**Assigned task:** Please repeat the records exactly. The pictures are to be left out.

**Extracted entries:**
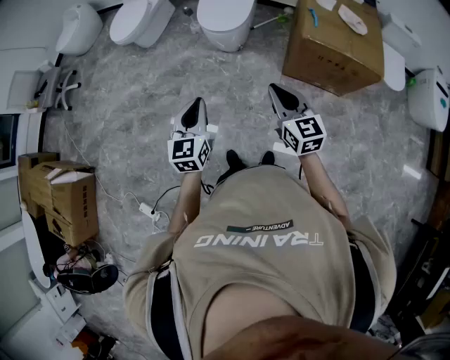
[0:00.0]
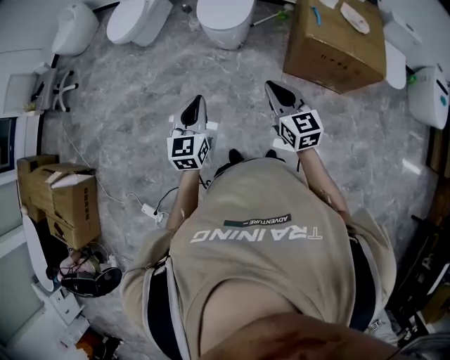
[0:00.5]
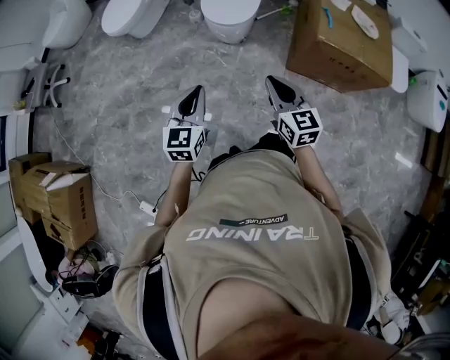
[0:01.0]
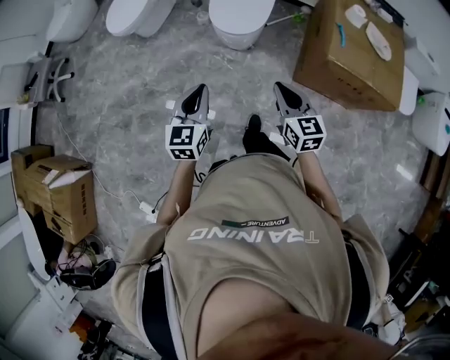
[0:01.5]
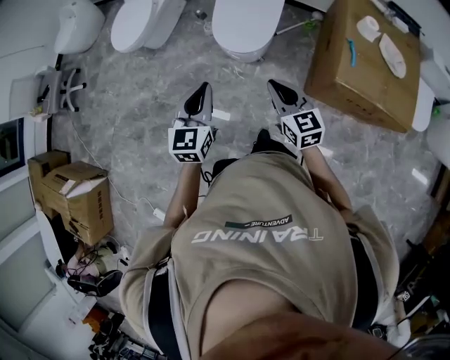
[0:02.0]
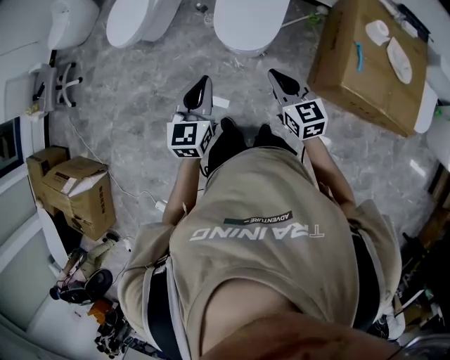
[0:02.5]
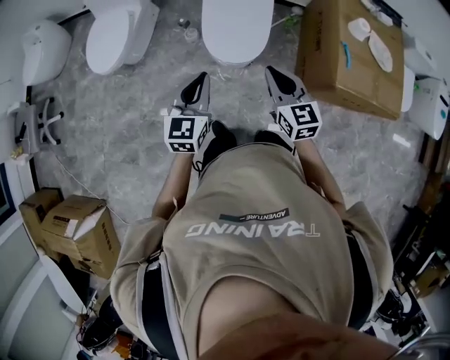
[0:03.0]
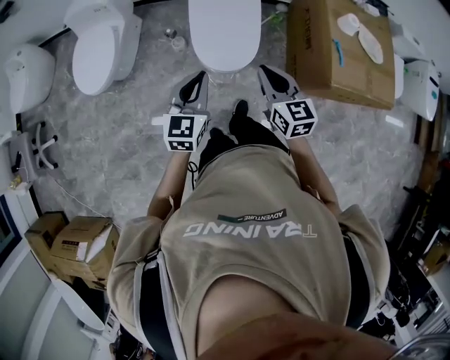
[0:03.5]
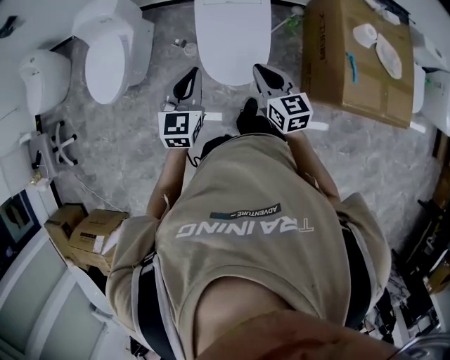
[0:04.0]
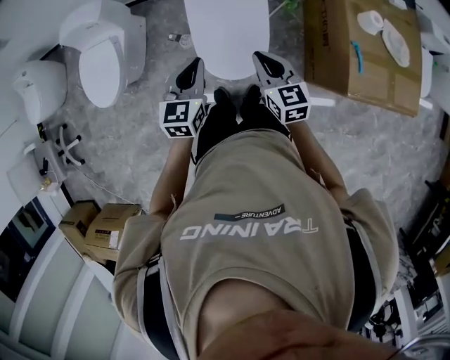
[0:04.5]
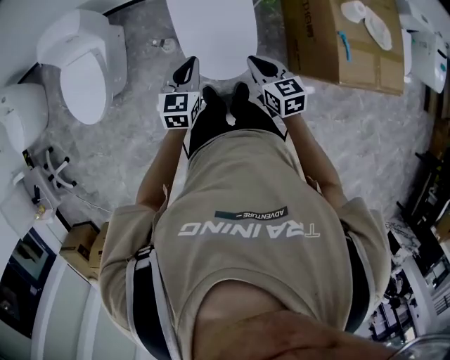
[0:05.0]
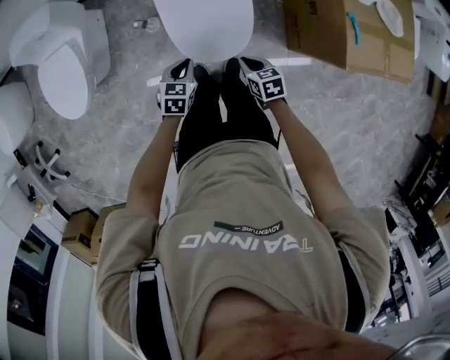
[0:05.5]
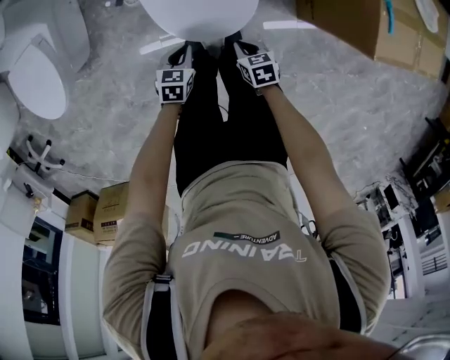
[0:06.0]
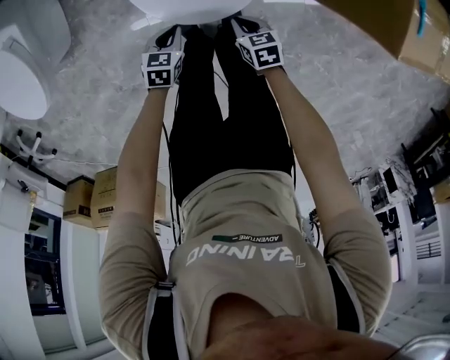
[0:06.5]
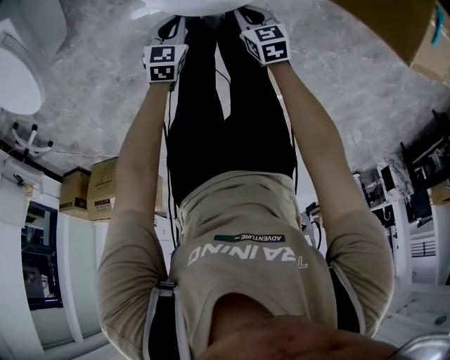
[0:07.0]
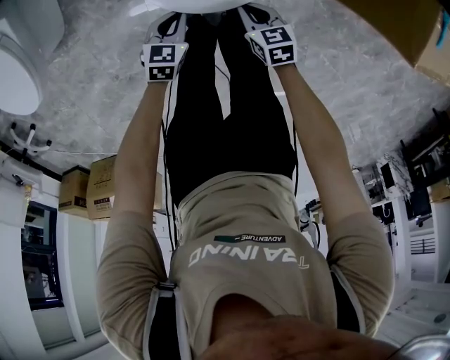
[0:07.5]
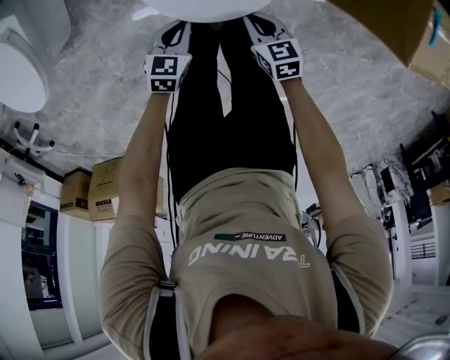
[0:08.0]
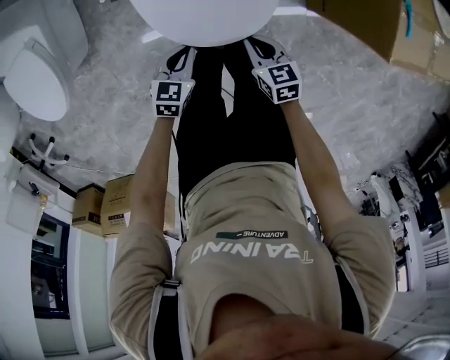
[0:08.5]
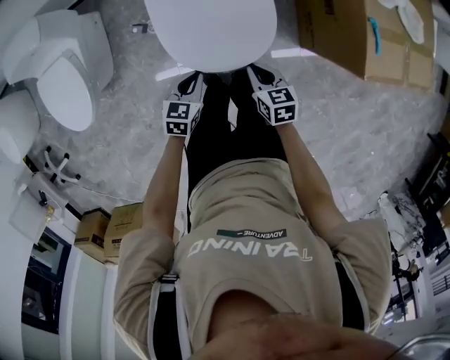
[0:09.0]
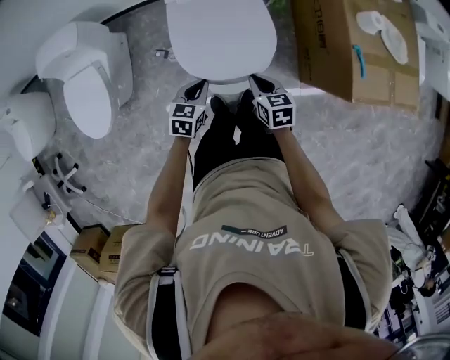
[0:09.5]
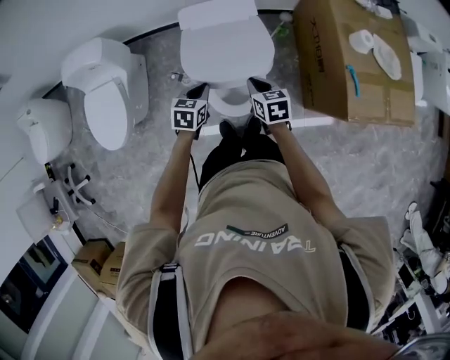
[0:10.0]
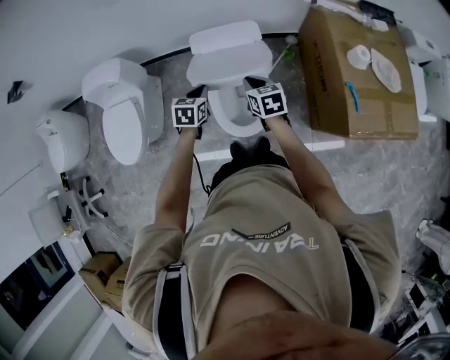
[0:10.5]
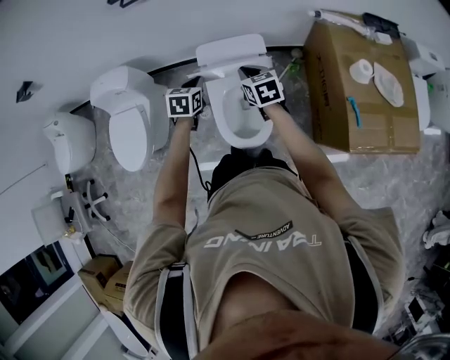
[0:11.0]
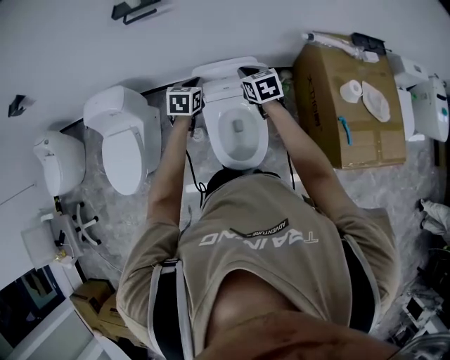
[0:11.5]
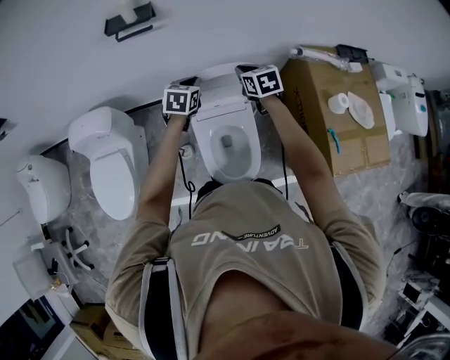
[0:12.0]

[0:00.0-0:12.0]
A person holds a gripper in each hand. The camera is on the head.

**Exercise output:**
[0:00.0]
[0:00.5]
[0:01.0]
[0:01.5]
[0:02.0]
[0:02.5]
[0:03.0]
[0:03.5]
[0:04.0]
[0:04.5]
[0:05.0]
[0:05.5]
[0:06.0]
[0:06.5]
[0:07.0]
[0:07.5]
[0:08.0]
[0:08.5]
[0:09.0]
[0:09.5]
[0:10.0]
[0:10.5]
[0:11.0]
[0:11.5]
[0:12.0]

[0:00.0-0:12.0]
A person holds a gripper in each hand. The camera is on the head.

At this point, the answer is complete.